(Records from a data source)
○ ○ ○

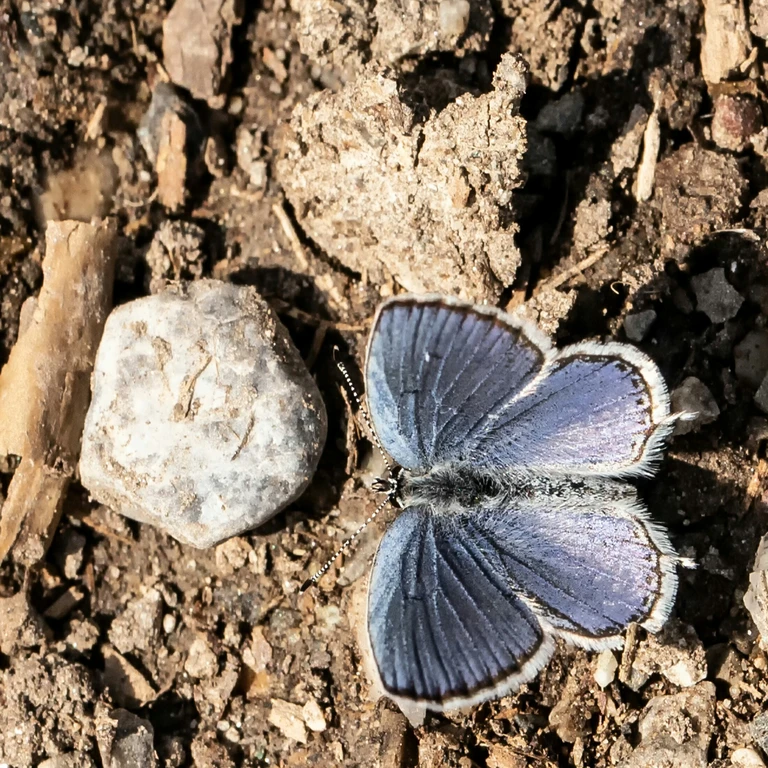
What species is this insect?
Cupido argiades (also Elkalyce argiades)
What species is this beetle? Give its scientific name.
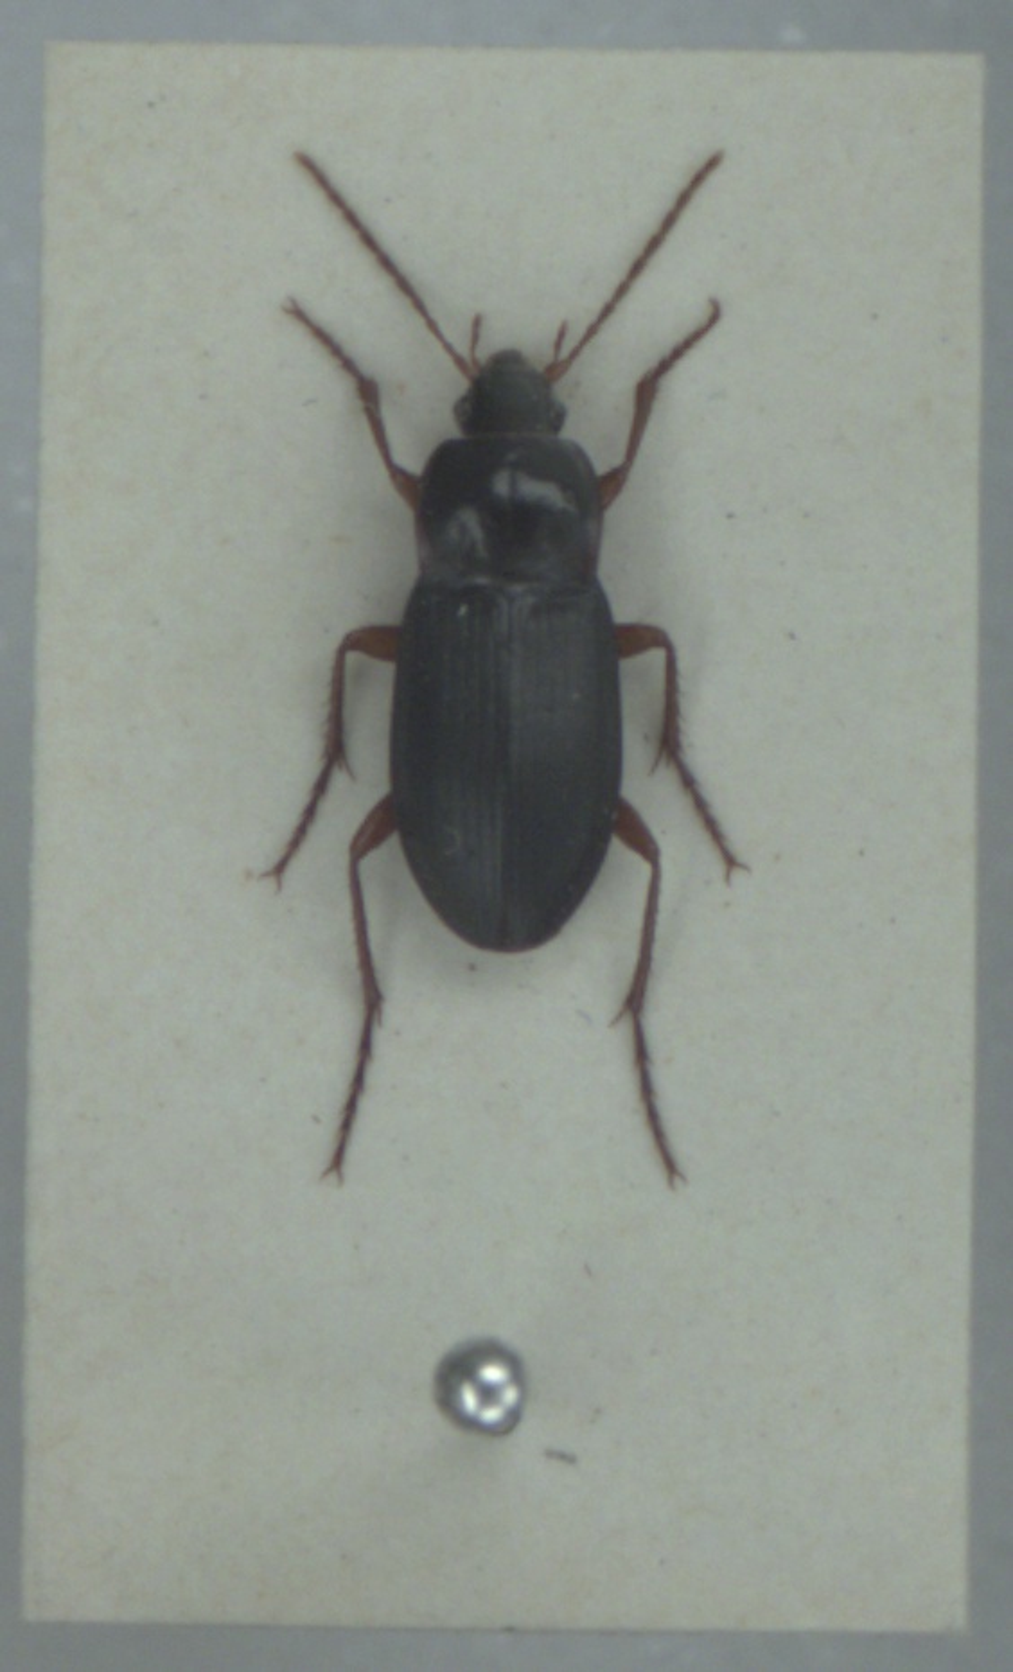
Calathus erratus
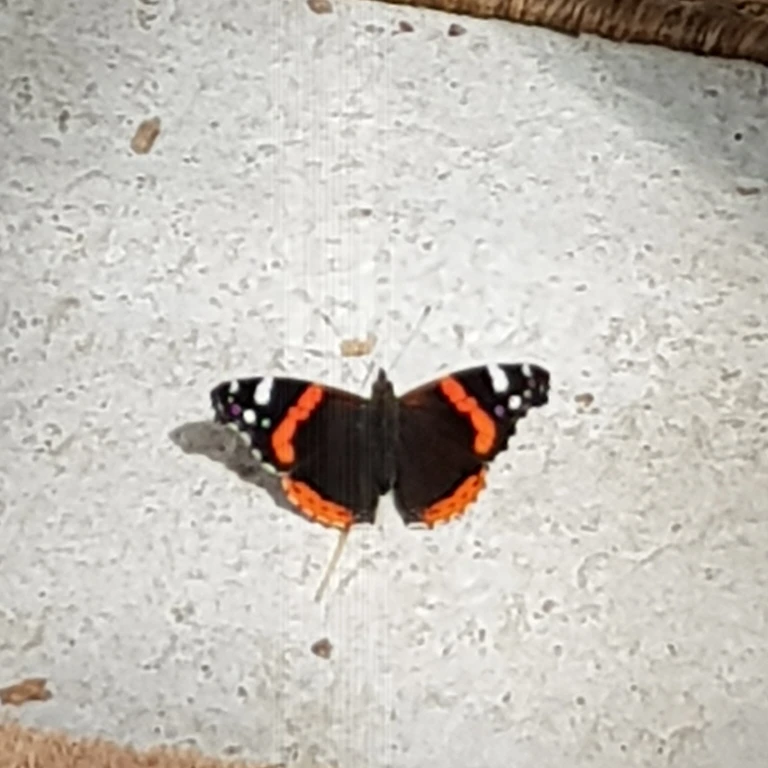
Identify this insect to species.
Vanessa atalanta
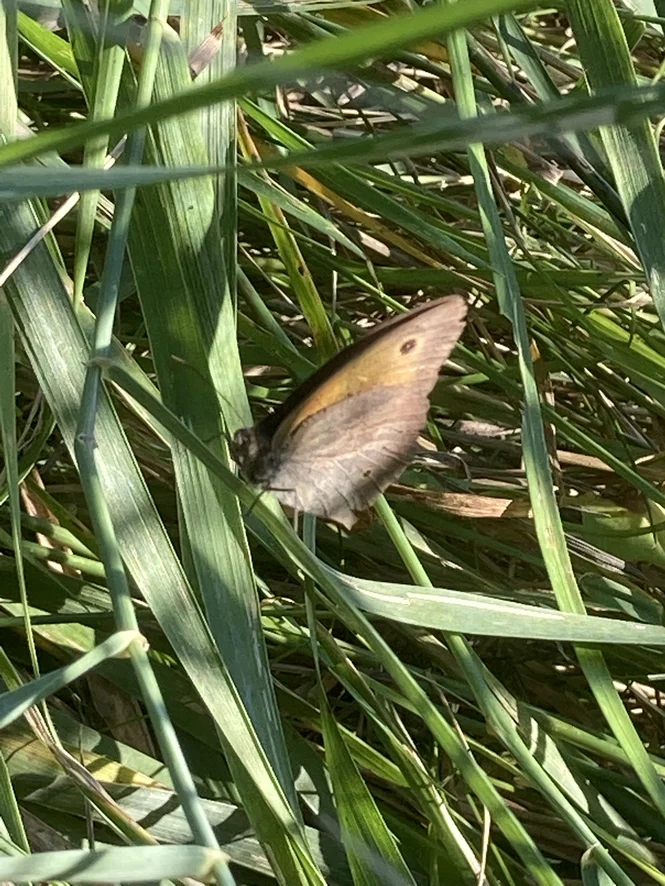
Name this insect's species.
Maniola jurtina
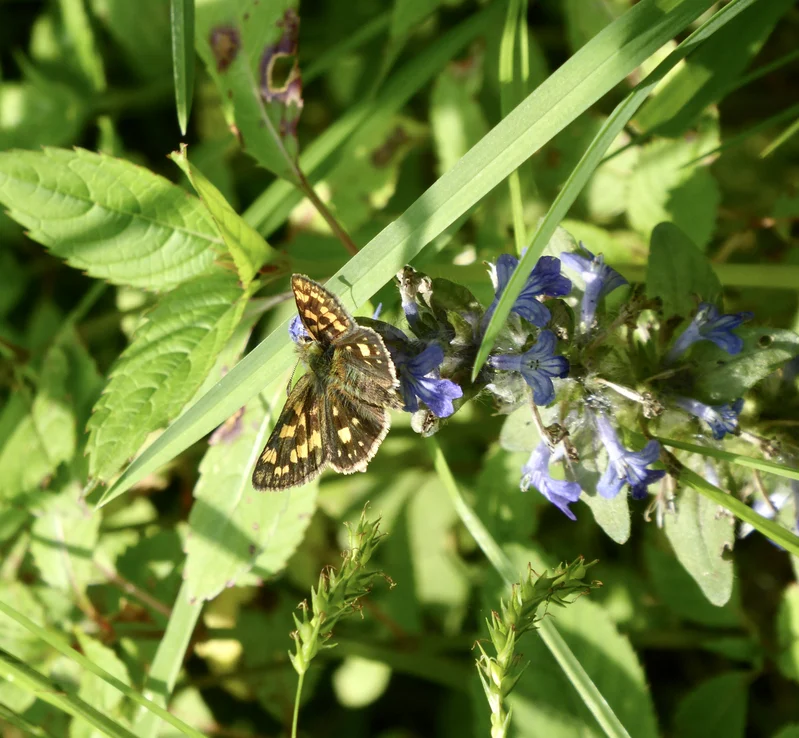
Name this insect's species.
Carterocephalus palaemon

○ ○ ○

All the records above must be retyped exactly, except for their pictures.

What species is this insect?
Cupido argiades (also Elkalyce argiades)
What species is this beetle? Give its scientific name.
Calathus erratus
Identify this insect to species.
Vanessa atalanta
Name this insect's species.
Maniola jurtina
Name this insect's species.
Carterocephalus palaemon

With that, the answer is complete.